Indian philanthropist boosts Rotary’s push to end polio with new US$1 million gift

Indian philanthropist and businesswoman, Rajashree Birla, has announced a new $1 million gift to Rotary for polio eradication.

Indian philanthropist and businesswoman Rajashree Birla has announced a new gift of US$1 million to Rotary to help eradicate polio. The gift brings her total contributions to the Rotary effort to more than $7.2 million.

What’s more, this gift will be matched two-for-one by the Bill & Melinda Gates Foundation, resulting in $3 million in new funding for the Global Polio Eradication Initiative (GPEI). Rotary is a leading partner in the GPEI, especially in advocating government and donor support, fundraising, and building public awareness. Through the End Polio Now: Make History Today fundraising campaign, the Gates Foundation is matching two-for-one every new dollar Rotary commits to polio eradication, up to $35 million per year, from 2013 through 2018.

“Mrs. Birla’s generous gift is deeply appreciated and could not have come at a more opportune time in our fight to end polio once and for all,” says Ashok Mahajan, a former Rotary Foundation trustee and close friend of the Birla family. “Her generosity no doubt will inspire other private donors to step up and help Rotary take full advantage of our innovative partnership with the Gates Foundation.”

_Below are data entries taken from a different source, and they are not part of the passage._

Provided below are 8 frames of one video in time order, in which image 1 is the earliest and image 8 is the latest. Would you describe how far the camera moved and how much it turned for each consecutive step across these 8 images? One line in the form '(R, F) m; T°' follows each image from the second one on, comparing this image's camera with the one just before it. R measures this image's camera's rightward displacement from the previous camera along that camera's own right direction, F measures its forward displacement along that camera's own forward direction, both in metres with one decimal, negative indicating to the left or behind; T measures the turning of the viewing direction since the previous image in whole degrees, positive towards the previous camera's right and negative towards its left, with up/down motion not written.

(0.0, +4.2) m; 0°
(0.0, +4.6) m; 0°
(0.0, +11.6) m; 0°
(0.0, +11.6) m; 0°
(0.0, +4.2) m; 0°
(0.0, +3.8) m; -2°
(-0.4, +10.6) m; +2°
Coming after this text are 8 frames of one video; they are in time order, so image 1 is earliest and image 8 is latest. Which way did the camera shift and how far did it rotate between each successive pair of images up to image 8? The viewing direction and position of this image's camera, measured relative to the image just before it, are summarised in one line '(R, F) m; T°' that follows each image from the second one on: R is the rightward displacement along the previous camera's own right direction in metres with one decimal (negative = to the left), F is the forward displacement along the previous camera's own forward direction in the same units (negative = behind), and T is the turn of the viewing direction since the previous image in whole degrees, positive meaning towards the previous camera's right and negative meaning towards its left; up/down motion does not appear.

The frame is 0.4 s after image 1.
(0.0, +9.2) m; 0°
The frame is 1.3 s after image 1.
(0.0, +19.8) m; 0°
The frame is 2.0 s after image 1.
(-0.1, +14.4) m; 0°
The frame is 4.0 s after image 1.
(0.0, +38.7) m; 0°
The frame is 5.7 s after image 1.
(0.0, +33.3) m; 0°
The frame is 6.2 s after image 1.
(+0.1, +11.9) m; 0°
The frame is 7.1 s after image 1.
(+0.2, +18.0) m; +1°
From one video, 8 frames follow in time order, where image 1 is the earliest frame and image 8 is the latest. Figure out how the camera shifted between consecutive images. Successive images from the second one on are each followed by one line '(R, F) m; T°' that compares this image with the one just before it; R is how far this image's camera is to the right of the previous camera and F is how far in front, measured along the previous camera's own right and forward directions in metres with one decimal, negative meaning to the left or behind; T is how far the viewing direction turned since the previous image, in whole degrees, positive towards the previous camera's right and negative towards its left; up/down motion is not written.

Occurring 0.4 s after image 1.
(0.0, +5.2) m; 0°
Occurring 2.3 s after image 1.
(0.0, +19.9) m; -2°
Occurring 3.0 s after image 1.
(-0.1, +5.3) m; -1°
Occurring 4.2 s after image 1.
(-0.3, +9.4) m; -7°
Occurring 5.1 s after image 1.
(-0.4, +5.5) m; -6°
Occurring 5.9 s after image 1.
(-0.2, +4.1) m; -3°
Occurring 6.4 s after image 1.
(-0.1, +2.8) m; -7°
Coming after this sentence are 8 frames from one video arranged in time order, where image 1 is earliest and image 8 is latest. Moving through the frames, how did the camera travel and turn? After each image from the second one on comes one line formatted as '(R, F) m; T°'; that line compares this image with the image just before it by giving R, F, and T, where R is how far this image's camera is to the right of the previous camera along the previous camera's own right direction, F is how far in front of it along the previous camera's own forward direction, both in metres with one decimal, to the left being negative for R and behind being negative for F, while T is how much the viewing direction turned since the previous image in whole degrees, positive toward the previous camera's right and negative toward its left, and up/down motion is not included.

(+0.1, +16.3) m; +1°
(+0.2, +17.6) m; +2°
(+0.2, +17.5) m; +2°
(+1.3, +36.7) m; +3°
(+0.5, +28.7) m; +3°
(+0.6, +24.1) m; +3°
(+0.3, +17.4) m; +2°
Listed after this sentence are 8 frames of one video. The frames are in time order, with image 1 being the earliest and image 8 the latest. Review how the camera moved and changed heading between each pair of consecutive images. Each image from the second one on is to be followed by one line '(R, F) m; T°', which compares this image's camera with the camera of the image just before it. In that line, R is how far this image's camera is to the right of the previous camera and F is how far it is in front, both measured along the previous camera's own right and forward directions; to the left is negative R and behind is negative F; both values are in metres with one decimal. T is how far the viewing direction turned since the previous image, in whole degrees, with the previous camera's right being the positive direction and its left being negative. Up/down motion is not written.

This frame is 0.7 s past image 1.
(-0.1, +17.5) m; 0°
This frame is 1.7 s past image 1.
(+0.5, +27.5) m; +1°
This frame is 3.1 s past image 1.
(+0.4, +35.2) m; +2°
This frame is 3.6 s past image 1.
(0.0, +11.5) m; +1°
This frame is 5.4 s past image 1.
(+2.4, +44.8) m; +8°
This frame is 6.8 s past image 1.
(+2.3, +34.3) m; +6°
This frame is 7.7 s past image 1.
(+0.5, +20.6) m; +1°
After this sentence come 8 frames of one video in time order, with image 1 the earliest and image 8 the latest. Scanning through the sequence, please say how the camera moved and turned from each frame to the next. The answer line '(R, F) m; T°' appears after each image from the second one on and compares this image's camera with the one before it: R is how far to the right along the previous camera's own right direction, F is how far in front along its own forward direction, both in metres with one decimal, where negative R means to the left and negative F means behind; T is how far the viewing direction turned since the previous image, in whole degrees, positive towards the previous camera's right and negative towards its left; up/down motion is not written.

Birla’s gift underscores India’s commitment to remain polio free. India -- which some experts believed would be the last nation to beat polio -- hasn’t recorded a case of the disease since January 2011. Only Nigeria, Pakistan, and Afghanistan remain on the list of countries where the wild poliovirus has never been stopped. India’s nearly 3,200 Rotary clubs have been instrumental in supporting National Immunization Days, massive initiatives that reach nearly 175 million children under age 5 with the oral polio vaccine.

“Thanks to the efforts of Rotary and its partners -- including India’s Health Ministry, WHO [World Health Organization], UNICEF, CDC [U.S. Centers for Disease Control and Prevention], the Gates Foundation, and other organizations -- India continues to be free of polio,” says Birla, whose son, Kumar Mangalam Birla, has transformed the Aditya Birla Group into a Fortune 500 global conglomerate. “Now we owe it to humanity to see that Nigeria, Afghanistan, and Pakistan also become polio free in the near future.”